Je récite, très vite et très négligemment, en maître qui ne veut pas qu’on violente sa modestie :

— La dame aux hortensias, le Comte de Montebello, À l’ombre des Vieilles Filles en pleurs, Le Nœud de couleuvres, Un certain fou-rire et Aimez-vous Brahbam, un bouquin sur les courses d’auto.

— J’ai dû lire certains de ces ouvrages, fait-elle.

— C’est possible, je suis traduit en quarante-deux langues, y compris l’Indoustan mimé et le monégasque.

Elle rit.

— Vous êtes très français.

— Pourquoi ?

— Vous aimez rire.

— Beaucoup, pas vous ?

— Je n’ose pas.

— À cause ?

— Vous savez bien que les Anglaises ont de grandes dents.

— Montrez les vôtres…

Elle obéit.

— Vous avez des dents admirables, dis-je avec sincérité, en pensant à celles de Bérurier.

Et j’ajoute :

— J’aimerais m’en faire un collier.

Tout en devisant, nous avons atteint Stingines Castle.
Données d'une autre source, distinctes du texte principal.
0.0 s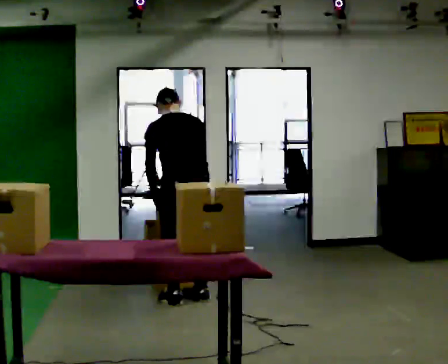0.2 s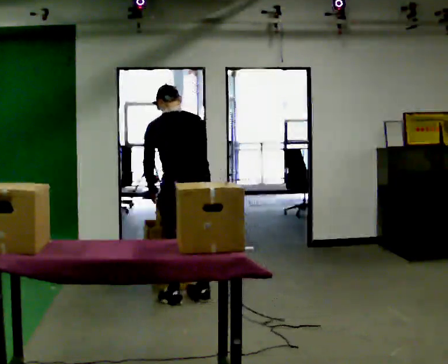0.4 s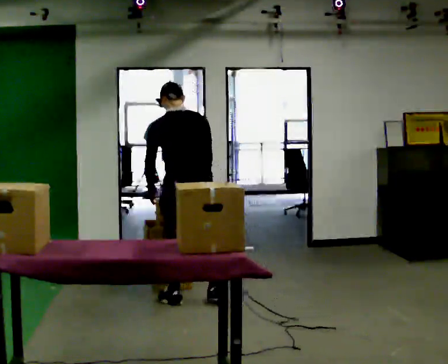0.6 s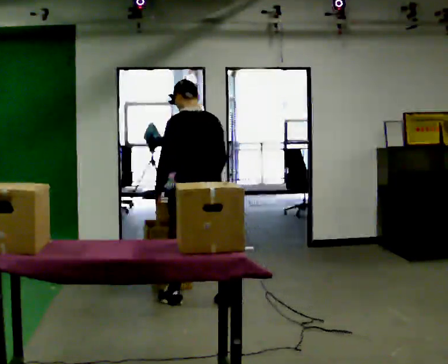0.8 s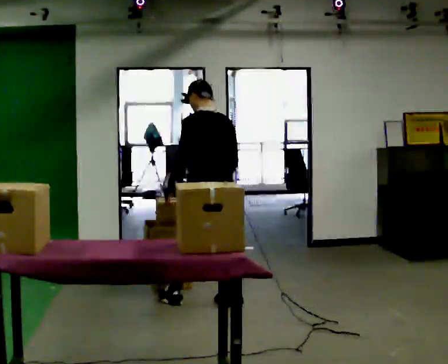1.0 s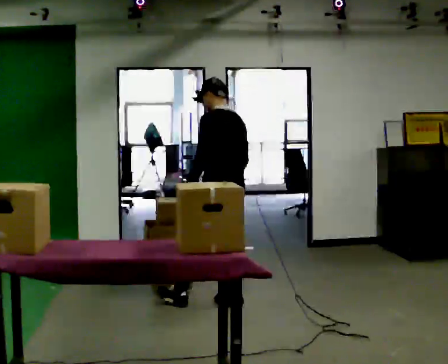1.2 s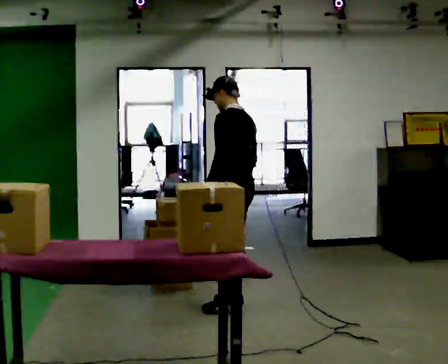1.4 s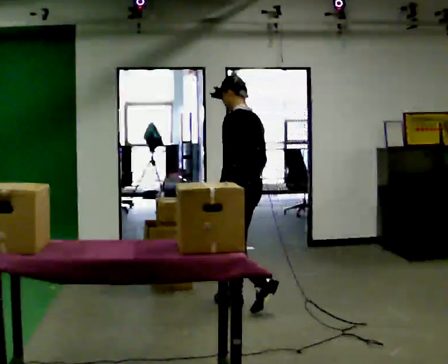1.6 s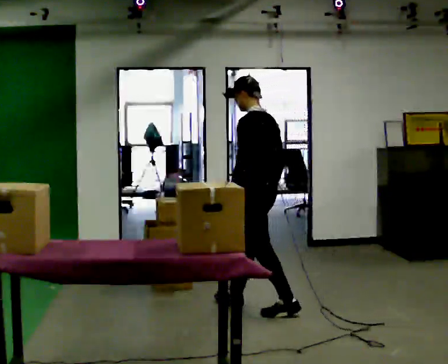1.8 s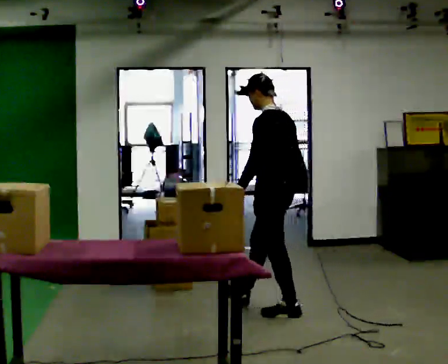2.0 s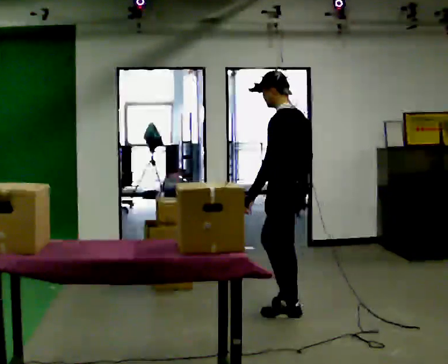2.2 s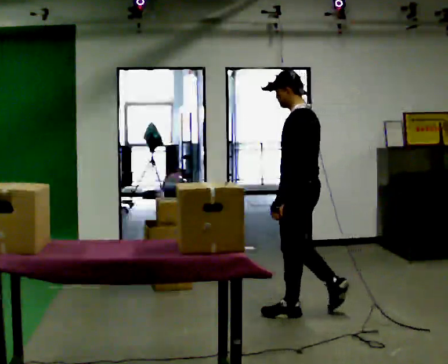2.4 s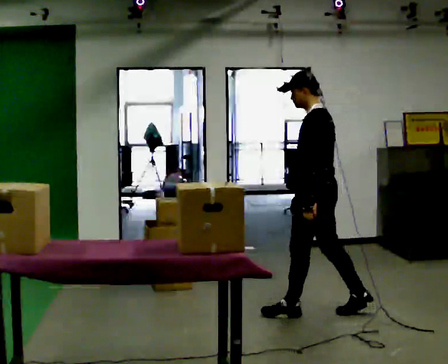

La demeure est terriblement vaste et importante. Elle comporte deux tours pointues et un perron gigantesque.

Un majordome (celui que j’ai déjà aperçu à la jumelle) paraît sur le perron. On dirait qu’il joue un rôle de maître d’hôtel anglais dans une tournée de sous-préfecture et qu’il charge un peu trop.

— Mademoiselle n’a pas eu d’accident ? s’inquiète-t-il sans me regarder.

— Deux pneus crevés, James, dit Cynthia avec insouciance. Prévenez ma tante que je suis de retour avec un ami français…

Considérant cette phrase comme une présentation, le chef-larbin m’honore d’un signe de tête qui fait gémir ses vertèbres cervicales.

— C’est James Mayburn, notre majordome, annonce Cynthia en m’entraînant au salon.

Je ne sais pas si vous connaissez la salle Wagram, en tout cas laissez-moi vous assurer qu’à côté du grand salon de Mac Herrel elle a l’air d’une pissotière.

Quatorze fenêtres éclairent la pièce et une cheminée, à l’intérieur de laquelle on pourrait construire un pavillon de huit pièces avec garage, la chauffe pendant la mauvaise saison. C’est le dépôt des pères Noël que cet âtre…

La bergère m’en désigne une autre, capitonnée celle-là.

— Asseyez-vous, monsieur Saint-Antonio. Vous êtes d’origine espagnole ?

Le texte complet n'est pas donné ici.